◆ Work item ◆
Once every line below with "height" has been counted, state the total and nothing else.

◆ Data extracted from a collection ◆
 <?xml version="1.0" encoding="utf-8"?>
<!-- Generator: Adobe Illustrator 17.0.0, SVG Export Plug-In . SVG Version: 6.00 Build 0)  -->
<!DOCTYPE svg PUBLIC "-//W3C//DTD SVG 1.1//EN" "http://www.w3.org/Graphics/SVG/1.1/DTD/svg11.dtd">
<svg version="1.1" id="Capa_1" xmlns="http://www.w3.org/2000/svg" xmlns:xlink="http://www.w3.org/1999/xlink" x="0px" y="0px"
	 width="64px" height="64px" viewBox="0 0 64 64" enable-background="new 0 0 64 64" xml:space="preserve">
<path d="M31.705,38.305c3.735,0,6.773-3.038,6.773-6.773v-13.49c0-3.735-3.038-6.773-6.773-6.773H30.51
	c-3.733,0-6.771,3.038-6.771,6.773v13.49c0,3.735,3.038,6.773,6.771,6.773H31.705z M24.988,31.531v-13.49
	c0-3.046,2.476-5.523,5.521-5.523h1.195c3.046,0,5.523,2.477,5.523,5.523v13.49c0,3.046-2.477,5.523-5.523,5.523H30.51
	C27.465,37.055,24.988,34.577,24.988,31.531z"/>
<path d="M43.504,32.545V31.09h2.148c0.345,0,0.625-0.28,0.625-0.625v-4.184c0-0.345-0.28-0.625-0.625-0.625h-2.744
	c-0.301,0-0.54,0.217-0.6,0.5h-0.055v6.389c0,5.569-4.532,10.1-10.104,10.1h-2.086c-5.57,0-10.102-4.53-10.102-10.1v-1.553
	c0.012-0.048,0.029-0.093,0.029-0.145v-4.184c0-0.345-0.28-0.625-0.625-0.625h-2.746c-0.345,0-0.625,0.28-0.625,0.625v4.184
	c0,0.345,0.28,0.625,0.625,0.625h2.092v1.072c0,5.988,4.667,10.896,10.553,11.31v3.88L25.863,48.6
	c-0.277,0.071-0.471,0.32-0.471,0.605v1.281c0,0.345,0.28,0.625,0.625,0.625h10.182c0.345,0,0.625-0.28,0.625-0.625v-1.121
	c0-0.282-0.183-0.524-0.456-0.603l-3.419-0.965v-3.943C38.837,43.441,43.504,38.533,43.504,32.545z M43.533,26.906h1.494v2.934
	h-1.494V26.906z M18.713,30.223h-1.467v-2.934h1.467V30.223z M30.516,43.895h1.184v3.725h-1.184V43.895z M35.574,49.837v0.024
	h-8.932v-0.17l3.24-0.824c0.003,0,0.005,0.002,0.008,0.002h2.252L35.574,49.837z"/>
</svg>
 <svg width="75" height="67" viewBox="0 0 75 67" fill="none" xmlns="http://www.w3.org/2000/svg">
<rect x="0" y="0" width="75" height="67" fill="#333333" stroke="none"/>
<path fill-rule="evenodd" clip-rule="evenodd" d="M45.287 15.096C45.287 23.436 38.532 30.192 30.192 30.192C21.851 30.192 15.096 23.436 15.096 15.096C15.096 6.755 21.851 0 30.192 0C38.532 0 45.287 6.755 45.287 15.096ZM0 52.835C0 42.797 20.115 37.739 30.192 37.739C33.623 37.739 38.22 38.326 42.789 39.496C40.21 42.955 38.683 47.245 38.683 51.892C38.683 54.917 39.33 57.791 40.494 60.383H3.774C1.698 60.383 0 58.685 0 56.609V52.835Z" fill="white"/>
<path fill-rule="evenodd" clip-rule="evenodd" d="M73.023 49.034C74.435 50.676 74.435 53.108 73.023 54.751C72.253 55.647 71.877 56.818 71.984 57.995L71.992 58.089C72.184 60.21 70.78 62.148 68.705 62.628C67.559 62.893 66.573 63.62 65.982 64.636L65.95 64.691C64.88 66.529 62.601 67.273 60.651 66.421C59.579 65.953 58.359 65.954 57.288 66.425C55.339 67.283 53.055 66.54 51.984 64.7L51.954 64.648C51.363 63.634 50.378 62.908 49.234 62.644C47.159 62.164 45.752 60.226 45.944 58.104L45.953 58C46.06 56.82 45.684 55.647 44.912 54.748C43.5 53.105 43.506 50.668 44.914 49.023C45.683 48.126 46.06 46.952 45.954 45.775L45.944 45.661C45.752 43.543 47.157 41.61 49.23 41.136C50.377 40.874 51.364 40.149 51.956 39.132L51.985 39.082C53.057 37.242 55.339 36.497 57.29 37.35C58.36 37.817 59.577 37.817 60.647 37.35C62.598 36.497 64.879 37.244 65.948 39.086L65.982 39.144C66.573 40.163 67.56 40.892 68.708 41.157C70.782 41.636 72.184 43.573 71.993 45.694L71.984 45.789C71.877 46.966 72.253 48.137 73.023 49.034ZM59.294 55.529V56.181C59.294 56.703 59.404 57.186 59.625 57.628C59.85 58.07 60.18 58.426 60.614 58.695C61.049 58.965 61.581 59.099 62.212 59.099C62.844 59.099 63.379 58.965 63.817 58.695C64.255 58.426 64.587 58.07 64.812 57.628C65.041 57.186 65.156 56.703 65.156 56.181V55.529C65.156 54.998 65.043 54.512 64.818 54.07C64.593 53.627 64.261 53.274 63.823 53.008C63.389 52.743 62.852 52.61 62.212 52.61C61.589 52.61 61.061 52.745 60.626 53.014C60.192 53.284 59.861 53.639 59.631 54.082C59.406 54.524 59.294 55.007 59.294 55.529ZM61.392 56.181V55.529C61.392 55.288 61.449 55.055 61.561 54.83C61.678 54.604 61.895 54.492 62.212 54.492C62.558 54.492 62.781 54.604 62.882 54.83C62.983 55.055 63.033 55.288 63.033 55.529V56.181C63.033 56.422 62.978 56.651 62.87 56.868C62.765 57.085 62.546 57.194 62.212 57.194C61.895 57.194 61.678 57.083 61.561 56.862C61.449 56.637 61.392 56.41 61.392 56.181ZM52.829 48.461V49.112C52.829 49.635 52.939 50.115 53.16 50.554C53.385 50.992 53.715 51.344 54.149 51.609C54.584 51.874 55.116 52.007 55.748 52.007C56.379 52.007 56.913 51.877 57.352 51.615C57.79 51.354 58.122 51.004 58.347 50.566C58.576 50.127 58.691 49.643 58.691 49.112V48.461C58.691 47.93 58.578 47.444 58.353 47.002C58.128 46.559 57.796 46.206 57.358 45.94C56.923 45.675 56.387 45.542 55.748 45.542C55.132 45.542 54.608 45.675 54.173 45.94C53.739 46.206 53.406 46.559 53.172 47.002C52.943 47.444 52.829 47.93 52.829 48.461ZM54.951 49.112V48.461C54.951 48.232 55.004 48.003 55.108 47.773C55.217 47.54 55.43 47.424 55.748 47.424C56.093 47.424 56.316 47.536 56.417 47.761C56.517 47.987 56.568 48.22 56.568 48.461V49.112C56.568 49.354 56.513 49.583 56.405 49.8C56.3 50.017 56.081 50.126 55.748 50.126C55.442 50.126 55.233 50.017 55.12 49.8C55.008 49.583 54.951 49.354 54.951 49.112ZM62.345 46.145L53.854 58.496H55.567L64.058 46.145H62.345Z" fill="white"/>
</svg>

◆ Answer box ◆
3